In this report, I will evaluate what I will do as I organize an end of term party that my colleagues and I intend to have together with our spouses and children. In relation to what I have done this far, the said party will be held in a local community pub that I have contracted to offer services to us. However, I will be organizing everything in the party except doing the cooking and serving food and beverages. The serving staff shall purchase all the ingredients and materials that I will select for the party and do the cooking. On the other hand, guests will serve food and beverages for themselves. The number of guests that I expect to have in the party is sixty. Fifty of these guests are adults and ten of them are children. Of these guests ten of them are vegetarians while four of them are diabetic. My intention is to make the party enjoyable and memorable. Accordingly, I will do all my best to prepare an appropriate menu that will meet the needs and preferences of all the guests that will be in the party. This report highlights the various financial controls that I will utilize to ensure the party does not exceed a budget of £1,000.

Financial statements

The proposed party has a budget of £1,000. Accordingly, I will make a budget that does not exceed this amount of money. At this point, I will evaluate the financial statements that I will use to control my budget. These financial statements will be somewhat similar to the ones used in hospitality establishments. However, I will make some adjustments because our party will not be geared towards making profit. The first financial statement that I will use as I organize the party will be the balance sheet. Unlike a balance sheet used in hospitality establishments, mine will only indicate the contributions that my colleagues and I will make towards the party. The one used in hospitality establishments and other business ventures usually includes assets, equities and liabilities (Harris 2010, p. 4). Ours will be a reflection of this because the contribution that we shall make towards the party shall be on a lighter note the asset for the party. For business ventures, assets dictate what is done or not done. Accordingly, the money that we shall contribute towards the party shall dictate our expenses and what we shall have in the party (Dopson & Hayes 2010, p. 17).     

The second financial statement that I will use as I organize the party shall be somewhat like an income statement. The only difference with the one used in business ventures will be that mine shall not include profits and losses. Instead, it will only include the money we shall contribute towards the party and expected expenses. This notwithstanding, the said statement will be critical because it will reflect the success that I will have made at the end of the party. In other words, it will indicate how well or how bad I will have spent the money. The third statement that I will use as I organize the party to control my budget will be the cash flow statement. This statement will indicate the way I will spend the money from the moment I obtain it from my colleagues until the end of the party. In a nutshell, it will indicate the flow of money throughout the process that I will be organizing the party. In business ventures, this financial statement provides information that relate to the way money is received and spent (Weygandt et al. 2005, p. 23). I will use this statement for the same reason. The fourth and the last financial statement that I will use as I organize the party will be the equity statement. Although in real sense there will be no equity at the end of the party, it will be necessary for me to have a statement that will account for the money that might remain at the end of the party. In profit making businesses, this statement provides an overview of the earnings business make. In our case, it will reflect the way I will have spent the money.
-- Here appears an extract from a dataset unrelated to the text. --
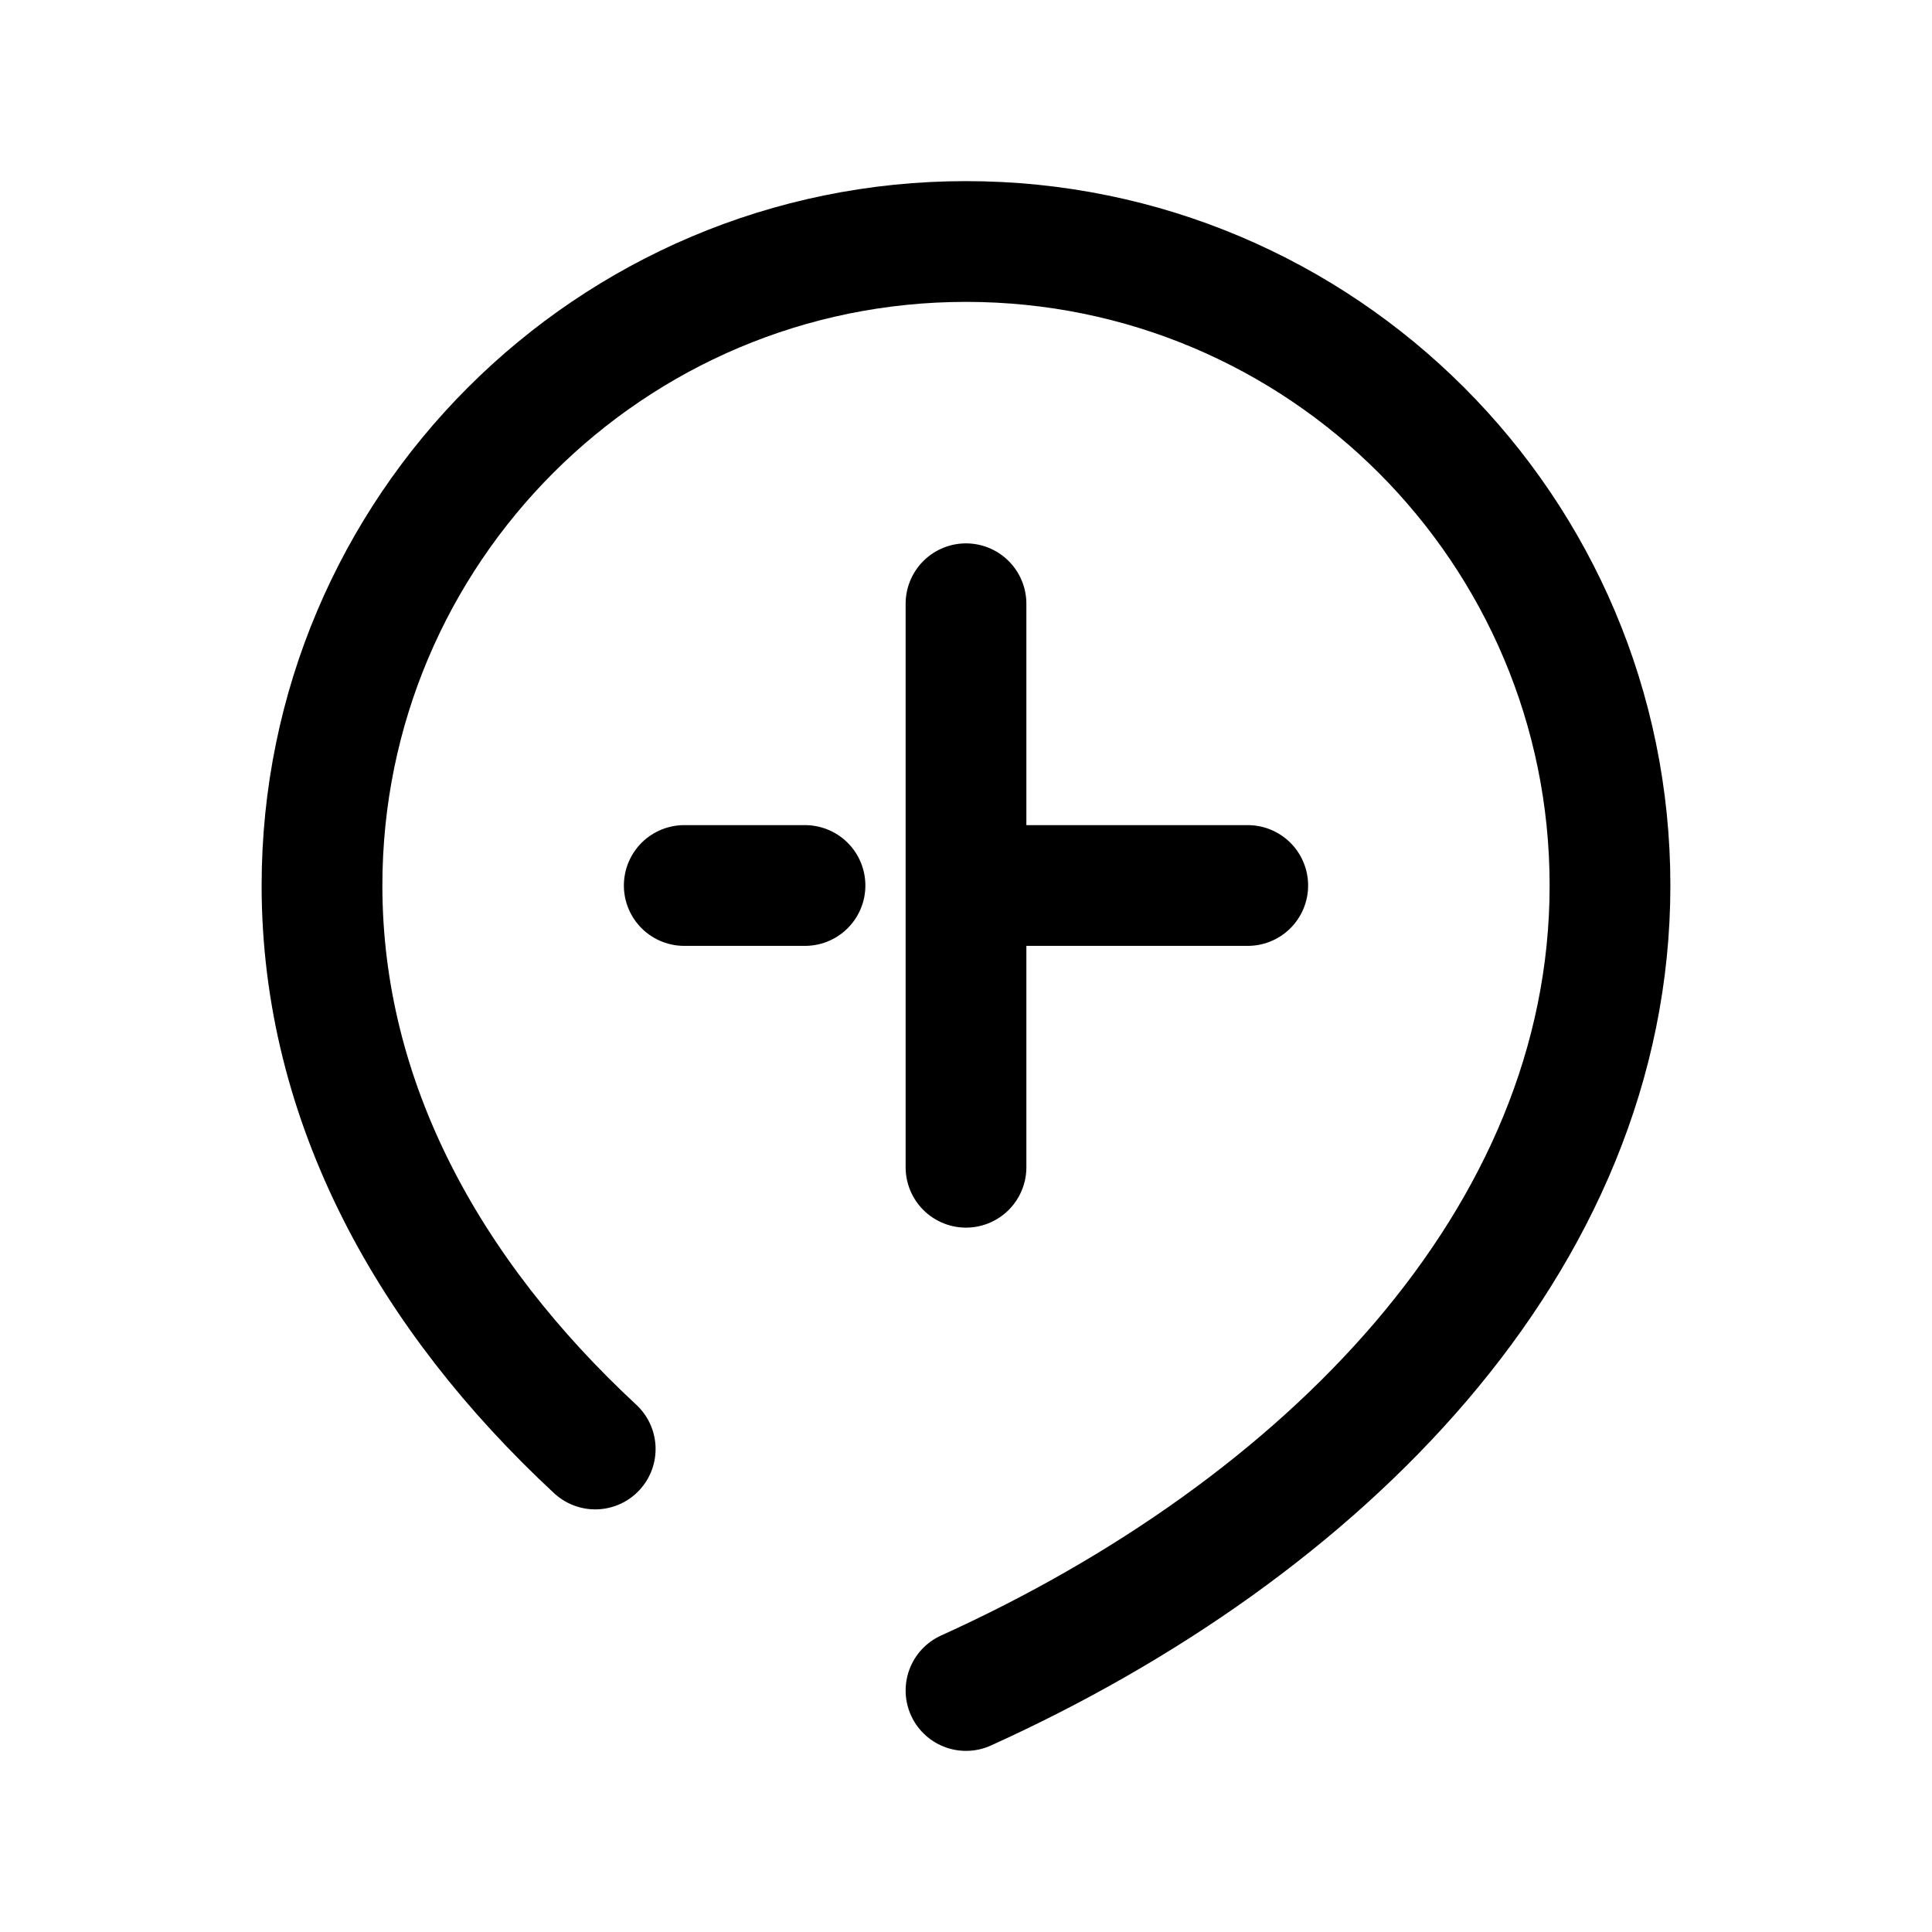 <?xml version="1.0" encoding="utf-8"?>
<svg width="800px" height="800px" viewBox="0 0 24 24" fill="none" xmlns="http://www.w3.org/2000/svg">
<path d="M12 21C16.418 19 20 15.418 20 11C20 6.582 16.418 3 12 3C7.582 3 4 6.582 4 11C4 13.703 5.341 16.094 7.394 18M12 7.5V14.5M8.5 11H10M12 11H15.5" stroke="#000000" stroke-width="1.5" stroke-linecap="round" stroke-linejoin="round"/>
</svg>

Cost and pricing processes

By definition, cost controls are mechanisms used to regulate cost. These mechanisms guard against excessive costs by setting uppermost cost limits. In business, cost controls are usually important because they set the levels that costs should not exceed. At the same time, they control prices as well as other business activities. Mostly, a cost control process never ends because some costs keep on changing. In spite of this fact, cost control measures vary from one event or business to the other. This variation usually depends on the scope and nature of event and business operations. This notwithstanding, one has to account for revenues properly. In addition, one has to set costs within tolerable limits. Some costs are fixed thereby they do not change. Other costs vary thereby they keep on change (Brotherton 2012, p. 132). Notwithstanding possible variations, some costs even though they vary, they do not change considerably. Therefore, it is usually necessary to establish some cost control measures in business ventures and in other events dealing with money.  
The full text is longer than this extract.